(Extracted data entries)
* * * *
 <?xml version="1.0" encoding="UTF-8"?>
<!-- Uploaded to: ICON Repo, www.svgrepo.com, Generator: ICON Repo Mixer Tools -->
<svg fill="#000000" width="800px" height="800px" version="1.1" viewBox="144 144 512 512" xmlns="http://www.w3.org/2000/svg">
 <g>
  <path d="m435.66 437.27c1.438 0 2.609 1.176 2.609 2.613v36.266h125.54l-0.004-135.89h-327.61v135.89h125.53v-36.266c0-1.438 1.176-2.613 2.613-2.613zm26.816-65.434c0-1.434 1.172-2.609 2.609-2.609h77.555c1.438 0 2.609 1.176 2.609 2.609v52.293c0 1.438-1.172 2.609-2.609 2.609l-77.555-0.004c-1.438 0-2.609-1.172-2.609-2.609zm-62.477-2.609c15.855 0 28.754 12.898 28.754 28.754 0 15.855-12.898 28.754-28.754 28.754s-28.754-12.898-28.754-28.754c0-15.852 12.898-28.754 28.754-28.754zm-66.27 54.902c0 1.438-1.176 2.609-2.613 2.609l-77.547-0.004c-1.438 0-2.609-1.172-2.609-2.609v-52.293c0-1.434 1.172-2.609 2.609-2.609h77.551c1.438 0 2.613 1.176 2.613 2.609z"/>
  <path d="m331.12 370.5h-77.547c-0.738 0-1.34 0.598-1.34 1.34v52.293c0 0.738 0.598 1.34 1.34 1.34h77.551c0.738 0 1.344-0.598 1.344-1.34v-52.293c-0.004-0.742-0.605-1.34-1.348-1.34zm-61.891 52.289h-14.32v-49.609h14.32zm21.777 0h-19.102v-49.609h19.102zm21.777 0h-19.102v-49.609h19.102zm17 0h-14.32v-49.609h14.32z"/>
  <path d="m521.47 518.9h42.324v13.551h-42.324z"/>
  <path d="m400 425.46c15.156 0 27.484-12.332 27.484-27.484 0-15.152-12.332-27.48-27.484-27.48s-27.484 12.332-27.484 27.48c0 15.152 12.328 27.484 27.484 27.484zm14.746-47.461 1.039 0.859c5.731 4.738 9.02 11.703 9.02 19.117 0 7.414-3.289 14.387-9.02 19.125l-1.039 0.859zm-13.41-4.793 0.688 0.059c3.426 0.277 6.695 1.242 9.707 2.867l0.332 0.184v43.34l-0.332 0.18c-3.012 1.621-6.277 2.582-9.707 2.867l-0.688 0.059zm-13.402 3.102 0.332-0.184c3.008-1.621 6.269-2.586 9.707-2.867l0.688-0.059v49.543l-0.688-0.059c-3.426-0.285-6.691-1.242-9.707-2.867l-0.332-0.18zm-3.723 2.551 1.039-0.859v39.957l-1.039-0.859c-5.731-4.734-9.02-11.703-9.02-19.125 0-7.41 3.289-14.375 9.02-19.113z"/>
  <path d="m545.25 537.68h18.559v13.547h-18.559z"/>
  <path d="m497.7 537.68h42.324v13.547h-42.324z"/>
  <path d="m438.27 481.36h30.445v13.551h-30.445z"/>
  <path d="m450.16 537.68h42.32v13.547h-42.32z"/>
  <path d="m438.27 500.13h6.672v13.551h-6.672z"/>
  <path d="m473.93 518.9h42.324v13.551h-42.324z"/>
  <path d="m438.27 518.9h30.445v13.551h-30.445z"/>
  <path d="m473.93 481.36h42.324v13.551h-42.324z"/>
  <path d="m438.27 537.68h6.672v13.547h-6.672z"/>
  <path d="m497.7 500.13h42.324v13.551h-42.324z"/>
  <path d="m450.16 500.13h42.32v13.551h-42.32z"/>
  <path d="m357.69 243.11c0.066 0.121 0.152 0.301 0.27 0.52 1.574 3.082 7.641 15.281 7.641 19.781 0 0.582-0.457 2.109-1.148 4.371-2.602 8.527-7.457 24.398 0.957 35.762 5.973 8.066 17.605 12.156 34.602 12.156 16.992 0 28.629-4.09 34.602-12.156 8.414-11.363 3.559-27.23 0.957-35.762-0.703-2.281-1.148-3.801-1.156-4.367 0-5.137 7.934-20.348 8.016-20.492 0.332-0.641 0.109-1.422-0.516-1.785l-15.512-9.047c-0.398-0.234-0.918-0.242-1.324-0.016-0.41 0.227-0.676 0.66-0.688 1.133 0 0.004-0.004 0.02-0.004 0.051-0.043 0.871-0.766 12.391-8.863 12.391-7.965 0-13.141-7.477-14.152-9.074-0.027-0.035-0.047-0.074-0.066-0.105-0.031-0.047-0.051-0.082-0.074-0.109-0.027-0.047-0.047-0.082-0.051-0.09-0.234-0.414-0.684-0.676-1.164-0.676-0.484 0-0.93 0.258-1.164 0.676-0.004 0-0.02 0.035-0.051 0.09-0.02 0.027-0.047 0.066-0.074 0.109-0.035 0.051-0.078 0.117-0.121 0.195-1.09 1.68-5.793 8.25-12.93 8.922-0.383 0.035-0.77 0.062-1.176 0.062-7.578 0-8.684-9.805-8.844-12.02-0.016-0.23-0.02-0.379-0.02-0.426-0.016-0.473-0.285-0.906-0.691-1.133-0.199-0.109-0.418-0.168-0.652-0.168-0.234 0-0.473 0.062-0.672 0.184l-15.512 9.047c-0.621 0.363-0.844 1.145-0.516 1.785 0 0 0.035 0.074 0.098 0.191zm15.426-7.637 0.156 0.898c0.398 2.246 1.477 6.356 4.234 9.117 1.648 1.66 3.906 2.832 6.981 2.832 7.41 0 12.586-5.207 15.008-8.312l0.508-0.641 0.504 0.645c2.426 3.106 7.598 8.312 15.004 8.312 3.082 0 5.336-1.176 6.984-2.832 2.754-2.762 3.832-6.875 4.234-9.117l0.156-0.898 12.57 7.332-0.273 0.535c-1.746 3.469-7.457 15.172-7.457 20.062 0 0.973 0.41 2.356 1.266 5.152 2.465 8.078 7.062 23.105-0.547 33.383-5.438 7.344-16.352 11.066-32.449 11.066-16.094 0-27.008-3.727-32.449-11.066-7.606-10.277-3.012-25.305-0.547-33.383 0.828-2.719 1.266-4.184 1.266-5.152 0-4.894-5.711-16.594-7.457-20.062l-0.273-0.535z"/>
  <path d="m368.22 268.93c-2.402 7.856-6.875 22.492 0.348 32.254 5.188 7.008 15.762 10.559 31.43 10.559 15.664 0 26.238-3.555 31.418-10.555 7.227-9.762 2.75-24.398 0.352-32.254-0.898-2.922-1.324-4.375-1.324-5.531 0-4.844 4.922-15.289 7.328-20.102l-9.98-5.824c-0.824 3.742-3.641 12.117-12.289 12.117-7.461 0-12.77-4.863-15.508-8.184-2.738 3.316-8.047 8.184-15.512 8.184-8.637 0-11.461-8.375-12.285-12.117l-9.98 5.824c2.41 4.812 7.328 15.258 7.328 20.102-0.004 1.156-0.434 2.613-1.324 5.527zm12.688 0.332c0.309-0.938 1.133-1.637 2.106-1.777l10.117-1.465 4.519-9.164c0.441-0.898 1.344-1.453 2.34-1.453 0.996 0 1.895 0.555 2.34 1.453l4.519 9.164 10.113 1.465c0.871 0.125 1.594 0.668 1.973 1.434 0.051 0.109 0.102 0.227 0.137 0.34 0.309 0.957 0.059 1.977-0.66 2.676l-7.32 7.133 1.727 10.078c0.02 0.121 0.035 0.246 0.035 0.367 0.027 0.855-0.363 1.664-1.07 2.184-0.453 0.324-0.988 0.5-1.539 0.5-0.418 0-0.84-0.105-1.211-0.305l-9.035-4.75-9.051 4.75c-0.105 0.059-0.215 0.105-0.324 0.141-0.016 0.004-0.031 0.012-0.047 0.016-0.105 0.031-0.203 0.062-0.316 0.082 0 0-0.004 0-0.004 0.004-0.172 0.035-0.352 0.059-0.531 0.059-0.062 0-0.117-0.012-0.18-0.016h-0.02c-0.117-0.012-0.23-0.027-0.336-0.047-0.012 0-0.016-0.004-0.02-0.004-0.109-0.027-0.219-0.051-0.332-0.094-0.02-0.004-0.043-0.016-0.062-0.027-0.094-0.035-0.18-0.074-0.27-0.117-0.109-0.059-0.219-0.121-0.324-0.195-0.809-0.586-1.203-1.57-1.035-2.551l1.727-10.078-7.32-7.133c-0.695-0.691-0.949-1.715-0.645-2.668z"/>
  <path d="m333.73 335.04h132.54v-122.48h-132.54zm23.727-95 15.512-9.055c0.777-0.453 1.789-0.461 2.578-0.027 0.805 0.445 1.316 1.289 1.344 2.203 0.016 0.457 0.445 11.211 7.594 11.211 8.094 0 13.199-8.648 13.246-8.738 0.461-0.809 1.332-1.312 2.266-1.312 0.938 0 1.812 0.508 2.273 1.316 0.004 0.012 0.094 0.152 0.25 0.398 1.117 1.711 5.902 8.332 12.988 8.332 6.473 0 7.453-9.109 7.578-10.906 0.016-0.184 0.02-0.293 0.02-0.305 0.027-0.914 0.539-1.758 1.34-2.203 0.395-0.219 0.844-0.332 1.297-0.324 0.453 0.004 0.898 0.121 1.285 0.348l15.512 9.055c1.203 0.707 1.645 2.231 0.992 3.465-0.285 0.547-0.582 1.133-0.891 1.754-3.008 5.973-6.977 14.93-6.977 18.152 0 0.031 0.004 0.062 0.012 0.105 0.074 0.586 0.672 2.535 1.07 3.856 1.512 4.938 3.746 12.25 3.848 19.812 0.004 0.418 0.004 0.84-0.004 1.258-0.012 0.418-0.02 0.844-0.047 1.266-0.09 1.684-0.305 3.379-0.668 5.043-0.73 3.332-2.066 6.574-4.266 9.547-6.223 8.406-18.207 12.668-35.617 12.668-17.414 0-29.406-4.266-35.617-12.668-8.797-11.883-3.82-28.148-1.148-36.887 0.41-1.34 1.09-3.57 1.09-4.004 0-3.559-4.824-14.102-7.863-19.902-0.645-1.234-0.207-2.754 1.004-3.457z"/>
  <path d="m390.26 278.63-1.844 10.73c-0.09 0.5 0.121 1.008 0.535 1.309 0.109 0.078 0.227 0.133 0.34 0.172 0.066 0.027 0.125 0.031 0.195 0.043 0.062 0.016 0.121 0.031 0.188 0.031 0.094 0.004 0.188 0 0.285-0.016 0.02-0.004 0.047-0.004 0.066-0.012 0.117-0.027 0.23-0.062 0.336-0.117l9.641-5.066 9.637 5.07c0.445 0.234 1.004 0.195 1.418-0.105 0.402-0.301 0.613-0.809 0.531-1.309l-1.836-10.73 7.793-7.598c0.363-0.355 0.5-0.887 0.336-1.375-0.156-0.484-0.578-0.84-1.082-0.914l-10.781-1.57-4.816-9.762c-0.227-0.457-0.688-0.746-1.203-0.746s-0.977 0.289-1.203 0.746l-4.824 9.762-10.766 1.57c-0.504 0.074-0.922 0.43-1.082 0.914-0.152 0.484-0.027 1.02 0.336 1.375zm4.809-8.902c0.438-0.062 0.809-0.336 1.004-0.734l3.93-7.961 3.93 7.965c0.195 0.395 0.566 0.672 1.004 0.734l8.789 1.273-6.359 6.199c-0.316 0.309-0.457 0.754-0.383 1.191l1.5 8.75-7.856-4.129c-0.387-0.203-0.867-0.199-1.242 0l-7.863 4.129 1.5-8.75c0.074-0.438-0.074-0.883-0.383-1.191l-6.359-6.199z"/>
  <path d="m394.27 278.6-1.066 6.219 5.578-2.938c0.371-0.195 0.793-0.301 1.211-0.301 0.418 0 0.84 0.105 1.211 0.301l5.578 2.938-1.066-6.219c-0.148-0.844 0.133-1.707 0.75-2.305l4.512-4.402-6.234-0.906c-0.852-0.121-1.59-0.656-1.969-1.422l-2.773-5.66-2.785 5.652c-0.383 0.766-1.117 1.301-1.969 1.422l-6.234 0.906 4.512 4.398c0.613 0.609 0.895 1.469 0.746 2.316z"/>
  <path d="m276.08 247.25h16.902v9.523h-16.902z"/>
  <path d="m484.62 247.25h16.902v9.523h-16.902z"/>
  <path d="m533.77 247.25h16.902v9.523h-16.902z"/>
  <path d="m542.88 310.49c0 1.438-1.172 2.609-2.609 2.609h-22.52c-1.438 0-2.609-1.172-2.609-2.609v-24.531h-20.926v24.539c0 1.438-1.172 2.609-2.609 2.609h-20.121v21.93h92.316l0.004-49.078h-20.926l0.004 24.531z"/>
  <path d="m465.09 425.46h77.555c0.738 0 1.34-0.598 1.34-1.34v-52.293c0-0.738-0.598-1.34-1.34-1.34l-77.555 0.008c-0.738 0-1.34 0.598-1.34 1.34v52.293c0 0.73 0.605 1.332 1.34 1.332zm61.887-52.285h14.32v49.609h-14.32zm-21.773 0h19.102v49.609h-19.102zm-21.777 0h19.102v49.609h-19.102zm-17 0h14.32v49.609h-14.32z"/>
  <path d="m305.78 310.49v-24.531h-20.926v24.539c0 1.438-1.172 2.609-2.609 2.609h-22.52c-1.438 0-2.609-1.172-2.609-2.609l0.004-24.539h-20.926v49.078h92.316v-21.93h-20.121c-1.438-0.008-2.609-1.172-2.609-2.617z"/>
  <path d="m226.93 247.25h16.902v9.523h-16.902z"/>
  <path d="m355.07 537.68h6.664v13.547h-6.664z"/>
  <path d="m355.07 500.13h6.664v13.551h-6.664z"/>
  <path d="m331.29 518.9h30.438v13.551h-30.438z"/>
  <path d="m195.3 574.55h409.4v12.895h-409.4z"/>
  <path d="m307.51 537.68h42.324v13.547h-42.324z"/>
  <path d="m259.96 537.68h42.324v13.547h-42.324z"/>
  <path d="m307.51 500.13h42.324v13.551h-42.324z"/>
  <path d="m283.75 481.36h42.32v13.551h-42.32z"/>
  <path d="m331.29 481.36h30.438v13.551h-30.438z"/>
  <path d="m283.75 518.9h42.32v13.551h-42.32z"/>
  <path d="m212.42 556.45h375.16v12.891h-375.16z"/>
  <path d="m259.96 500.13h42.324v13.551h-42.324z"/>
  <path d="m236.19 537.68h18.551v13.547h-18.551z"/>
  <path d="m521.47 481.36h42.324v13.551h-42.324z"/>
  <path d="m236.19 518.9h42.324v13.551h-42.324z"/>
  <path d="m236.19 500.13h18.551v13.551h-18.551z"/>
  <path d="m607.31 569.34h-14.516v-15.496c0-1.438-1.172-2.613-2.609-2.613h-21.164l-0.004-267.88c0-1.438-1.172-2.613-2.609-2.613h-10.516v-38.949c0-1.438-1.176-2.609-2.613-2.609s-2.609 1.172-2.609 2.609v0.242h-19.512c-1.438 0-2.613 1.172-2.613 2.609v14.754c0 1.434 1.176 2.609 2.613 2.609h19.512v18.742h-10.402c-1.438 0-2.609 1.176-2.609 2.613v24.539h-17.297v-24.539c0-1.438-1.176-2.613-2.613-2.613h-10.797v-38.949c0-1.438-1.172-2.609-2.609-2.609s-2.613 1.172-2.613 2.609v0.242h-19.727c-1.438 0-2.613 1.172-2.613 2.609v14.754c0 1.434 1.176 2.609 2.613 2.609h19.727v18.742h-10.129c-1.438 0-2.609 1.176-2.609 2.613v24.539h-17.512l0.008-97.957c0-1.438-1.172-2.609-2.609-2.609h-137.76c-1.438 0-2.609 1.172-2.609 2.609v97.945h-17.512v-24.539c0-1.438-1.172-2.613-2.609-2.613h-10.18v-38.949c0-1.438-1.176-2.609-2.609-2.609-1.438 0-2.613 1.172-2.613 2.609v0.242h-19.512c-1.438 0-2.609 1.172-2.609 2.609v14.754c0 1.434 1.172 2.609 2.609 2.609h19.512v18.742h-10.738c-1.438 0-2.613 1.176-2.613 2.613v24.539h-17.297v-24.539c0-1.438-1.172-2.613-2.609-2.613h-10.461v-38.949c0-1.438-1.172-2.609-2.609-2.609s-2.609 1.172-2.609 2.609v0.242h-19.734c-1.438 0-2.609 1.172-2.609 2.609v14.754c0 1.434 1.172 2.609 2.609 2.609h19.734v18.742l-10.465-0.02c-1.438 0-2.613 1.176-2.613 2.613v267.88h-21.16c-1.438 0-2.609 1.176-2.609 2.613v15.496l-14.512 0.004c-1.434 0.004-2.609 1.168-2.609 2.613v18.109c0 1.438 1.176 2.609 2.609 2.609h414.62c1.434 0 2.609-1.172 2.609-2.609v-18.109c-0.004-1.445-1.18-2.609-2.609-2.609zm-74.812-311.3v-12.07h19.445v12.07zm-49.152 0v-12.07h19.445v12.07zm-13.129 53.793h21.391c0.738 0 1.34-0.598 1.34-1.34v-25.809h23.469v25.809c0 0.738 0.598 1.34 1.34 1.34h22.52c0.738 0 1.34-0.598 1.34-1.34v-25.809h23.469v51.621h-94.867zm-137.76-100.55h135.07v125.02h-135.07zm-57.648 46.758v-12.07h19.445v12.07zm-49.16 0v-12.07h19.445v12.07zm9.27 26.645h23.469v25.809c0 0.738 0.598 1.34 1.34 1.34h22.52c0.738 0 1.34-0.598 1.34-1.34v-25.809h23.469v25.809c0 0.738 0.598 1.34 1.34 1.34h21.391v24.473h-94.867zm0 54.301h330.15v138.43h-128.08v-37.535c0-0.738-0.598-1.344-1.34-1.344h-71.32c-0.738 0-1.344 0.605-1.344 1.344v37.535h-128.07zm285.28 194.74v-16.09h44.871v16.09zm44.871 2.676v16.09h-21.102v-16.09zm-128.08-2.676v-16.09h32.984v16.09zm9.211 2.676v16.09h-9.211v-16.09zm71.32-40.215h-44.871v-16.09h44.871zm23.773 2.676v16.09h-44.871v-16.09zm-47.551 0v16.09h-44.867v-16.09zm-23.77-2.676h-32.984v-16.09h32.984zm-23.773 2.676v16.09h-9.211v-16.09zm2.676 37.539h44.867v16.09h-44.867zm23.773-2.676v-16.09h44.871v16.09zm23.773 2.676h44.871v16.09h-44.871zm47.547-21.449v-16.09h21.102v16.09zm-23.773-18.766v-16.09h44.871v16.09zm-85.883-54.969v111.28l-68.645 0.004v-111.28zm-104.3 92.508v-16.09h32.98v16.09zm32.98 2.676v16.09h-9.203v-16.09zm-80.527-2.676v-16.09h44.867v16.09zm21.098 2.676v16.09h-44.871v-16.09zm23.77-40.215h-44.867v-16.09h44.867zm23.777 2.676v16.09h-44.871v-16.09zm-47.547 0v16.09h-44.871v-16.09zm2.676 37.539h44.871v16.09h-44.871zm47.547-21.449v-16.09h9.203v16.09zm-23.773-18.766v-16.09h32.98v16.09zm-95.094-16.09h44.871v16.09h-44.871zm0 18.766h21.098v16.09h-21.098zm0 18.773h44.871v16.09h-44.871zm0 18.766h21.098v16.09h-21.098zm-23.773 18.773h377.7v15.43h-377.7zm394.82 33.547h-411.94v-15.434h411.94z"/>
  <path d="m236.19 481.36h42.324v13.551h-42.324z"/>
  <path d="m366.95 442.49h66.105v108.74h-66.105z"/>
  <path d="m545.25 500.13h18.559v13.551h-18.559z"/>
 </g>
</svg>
* * * *
Search the data for the string "version" and copy every line where it appears.

SOLUTION TO THIS PROBLEM:
 <?xml version="1.0" encoding="UTF-8"?>
<svg fill="#000000" width="800px" height="800px" version="1.1" viewBox="144 144 512 512" xmlns="http://www.w3.org/2000/svg">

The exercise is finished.